# Mealworm Or Dubia roach colony??



## samw3011 (Sep 16, 2011)

Hey everyone, was gonna start both mealworm and dubia roach colonys for my bearded dragons just wanna know what your opinions are on them and which you think are easier todo etc as im going to start off with the easiest method Thanks !!


----------



## kez30 (Jun 15, 2008)

Both are very easy to keep, have a look at the sticky threads at the top, Mealworm lifecycle and Livefood careguides which has dubia info in : victory:


----------



## Antw23uk (Jan 12, 2009)

I breed both but for a beardie your best bet is the dubia roaches. Nutritionally better, easy to breed and clean :2thumb:


----------



## samw3011 (Sep 16, 2011)

Antw23uk said:


> I breed both but for a beardie your best bet is the dubia roaches. Nutritionally better, easy to breed and clean :2thumb:


Ye i want to do roaches more really, just gotta wait a while though as i live with the girlfriends mother and there very anti roaches but allow crickets locust and mealies etc haha!!


----------



## Paul112 (Apr 6, 2007)

I've got a couple of big colonies of dubia, and a rack full of mealworm breeding tubs. If you're looking for a regular amount, the dubias are very handy as once you get them breeding, they go like clockwork.

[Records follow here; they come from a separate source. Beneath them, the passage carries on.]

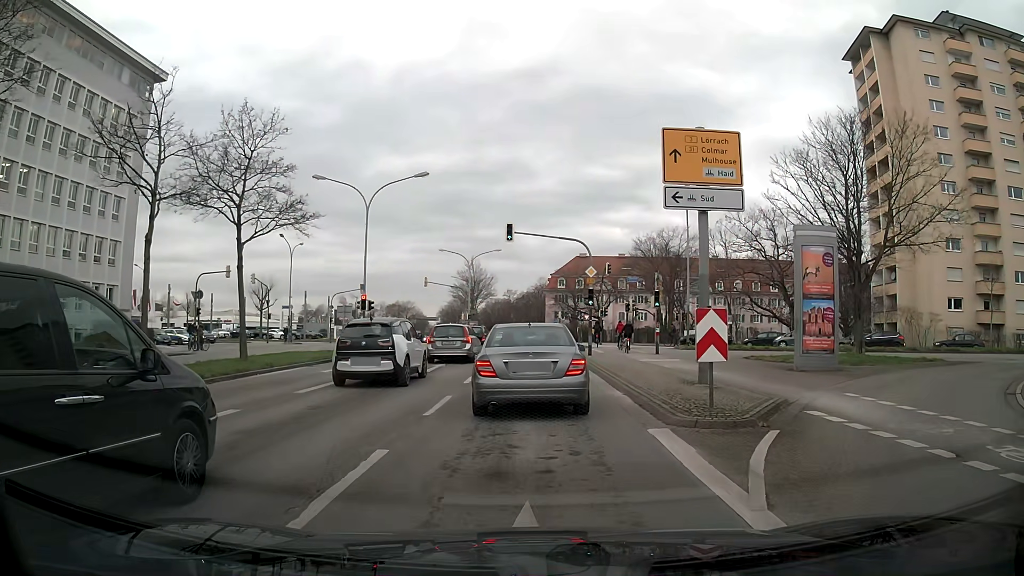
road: primary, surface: asphalt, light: Day
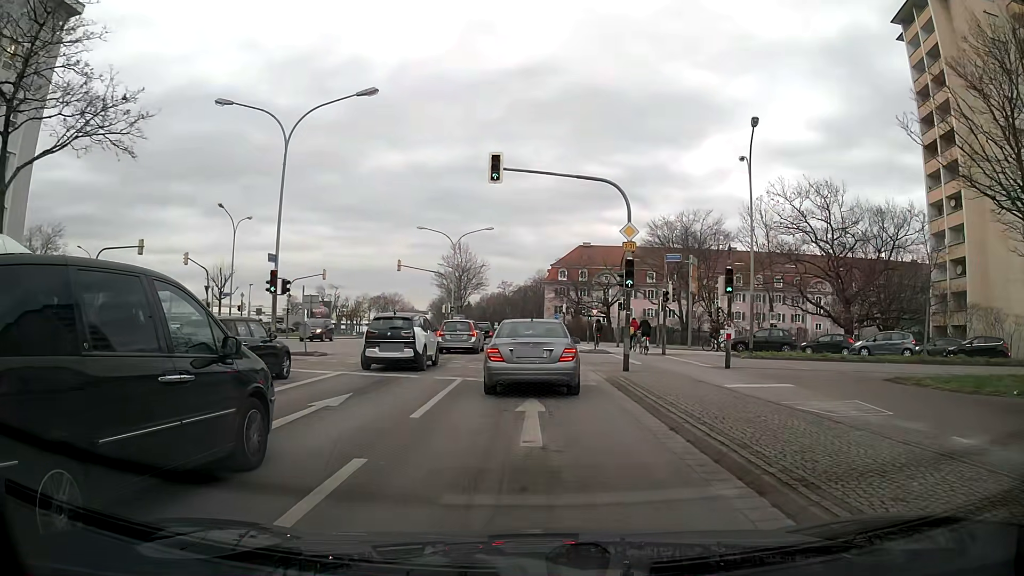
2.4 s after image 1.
(0.0, +13.4) m; 0°
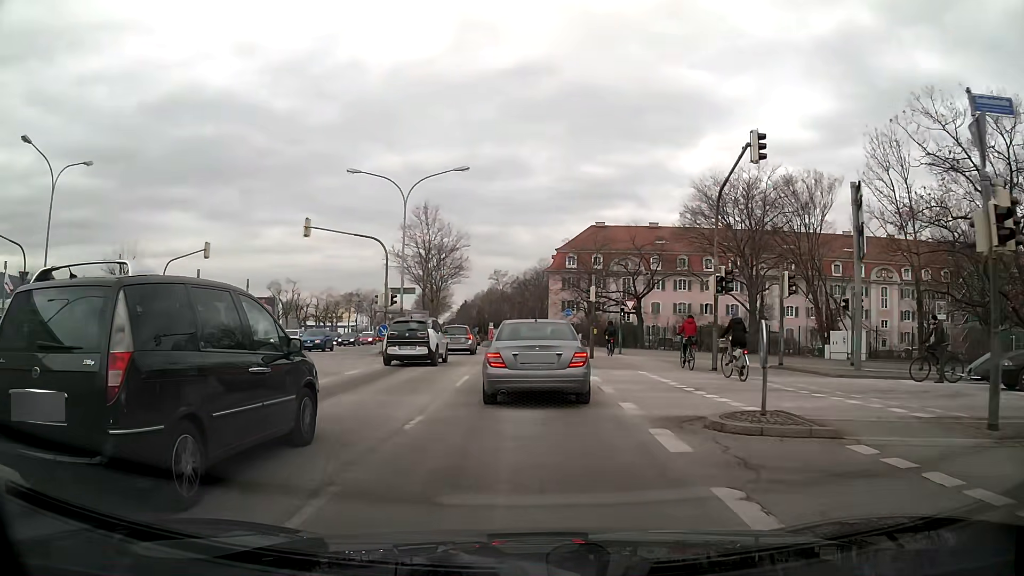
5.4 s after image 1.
(+0.2, +23.4) m; +1°
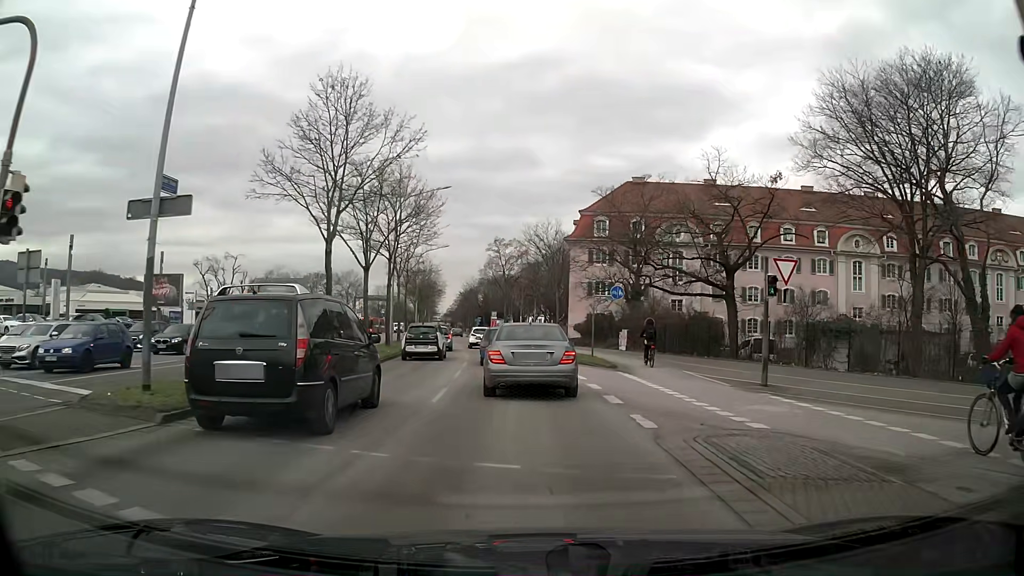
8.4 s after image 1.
(-0.5, +25.2) m; -1°
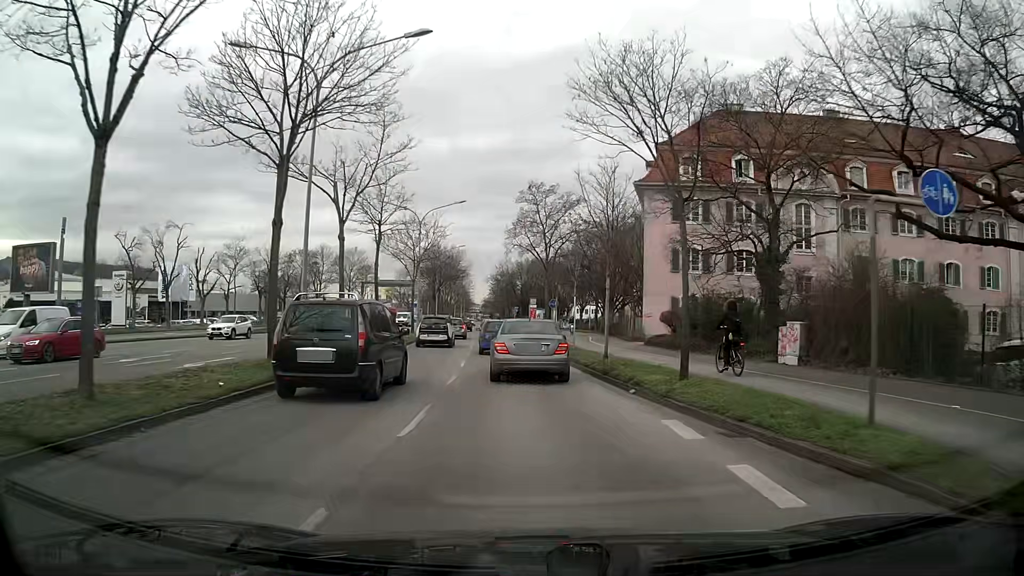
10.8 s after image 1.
(-0.8, +22.2) m; -4°
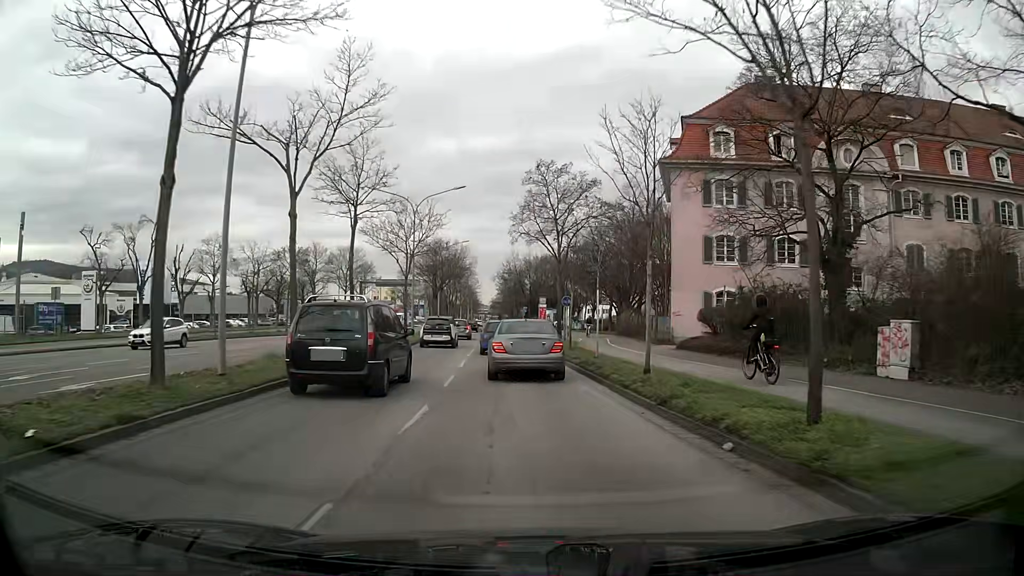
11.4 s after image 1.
(0.0, +5.9) m; -1°
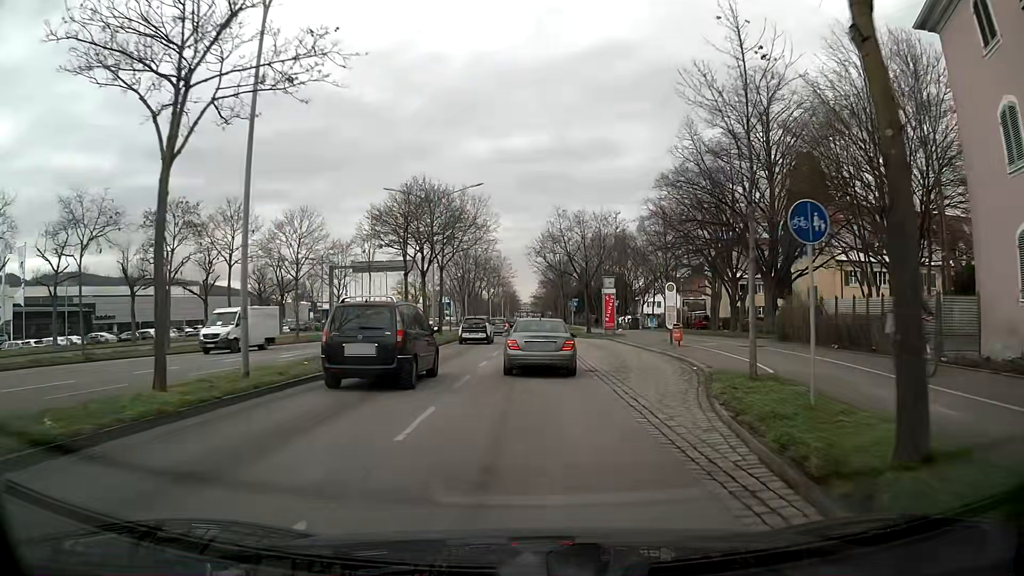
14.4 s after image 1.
(-0.8, +30.8) m; -3°
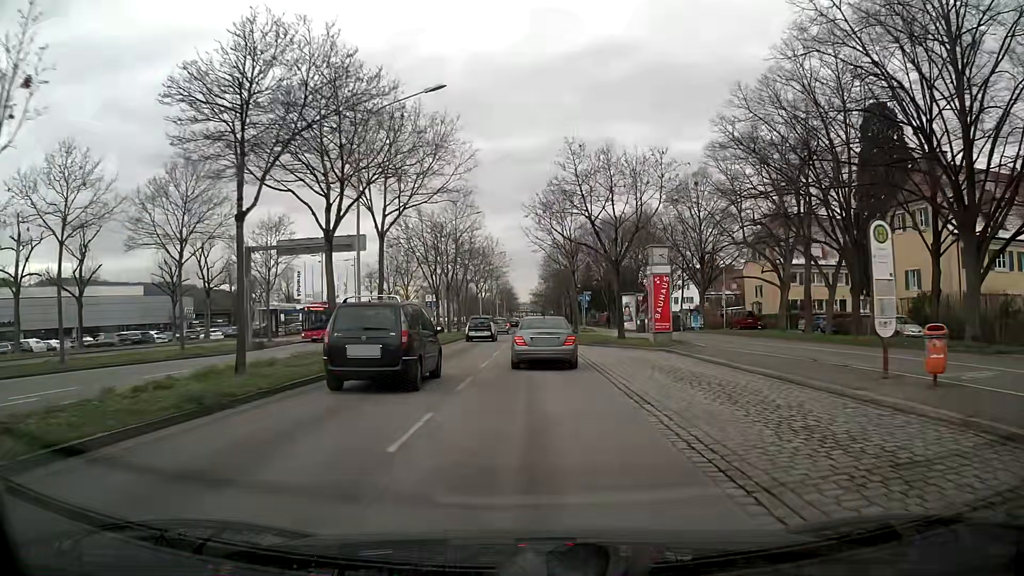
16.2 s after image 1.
(0.0, +18.8) m; +1°
(0, +10) (0, +20) (0, +30) (0, +40) (0, +50) (0, +60) (0, +70) (0, +80) (0, +90) (0, +100) m

I planned to keep the mealworms so I could harvest a couple of tubs worth a week from them, but it just didn't turn out that way. They're difficult to separate from the medium, and I now basically leave them to it, and pick a few out every now and then for my turtles and Tokay  

I like having them on hand, and I started with about 200G of them and have kept pretty much a constant supply, but they haven't multiplied in quantity or anything.

Best,
Paul


----------



## samw3011 (Sep 16, 2011)

Paul112 said:


> I've got a couple of big colonies of dubia, and a rack full of mealworm breeding tubs. If you're looking for a regular amount, the dubias are very handy as once you get them breeding, they go like clockwork.
> 
> I planned to keep the mealworms so I could harvest a couple of tubs worth a week from them, but it just didn't turn out that way. They're difficult to separate from the medium, and I now basically leave them to it, and pick a few out every now and then for my turtles and Tokay
> 
> ...


Ahhh seems like your on the same idea as me, i only feed my beardys mealies as treats every week or so, i just want a supply to keep me ticking over haha really want a roach colony tho, just got to do a bit on convincing!! :lol2:


----------



## BeenzandCarlos (Apr 25, 2011)

we have mealworms, easy to set up and they look after themselves

we use the white ones to feed to our little baby, but he can eat as many as 10 if he's in the mood

we'll be looking into roaches soon


----------



## samw3011 (Sep 16, 2011)

BeenzandCarlos said:


> we have mealworms, easy to set up and they look after themselves
> 
> we use the white ones to feed to our little baby, but he can eat as many as 10 if he's in the mood
> 
> we'll be looking into roaches soon


Very good!! beardys are supposed to love roaches, gonna test mine out with a few before i setp a colony just to make sure seeing as they pick and choose what they want with me!! Right fussy haha


----------



## BeenzandCarlos (Apr 25, 2011)

yeah, we've found this with mealies. he doesn't seem interested in the normal "orange" ones


----------



## samw3011 (Sep 16, 2011)

BeenzandCarlos said:


> yeah, we've found this with mealies. he doesn't seem interested in the normal "orange" ones


Oooooo thats strange haha, i know when my beardys dont like something they just stare at me and dont touch it so i give into them and get them what they like hahah


----------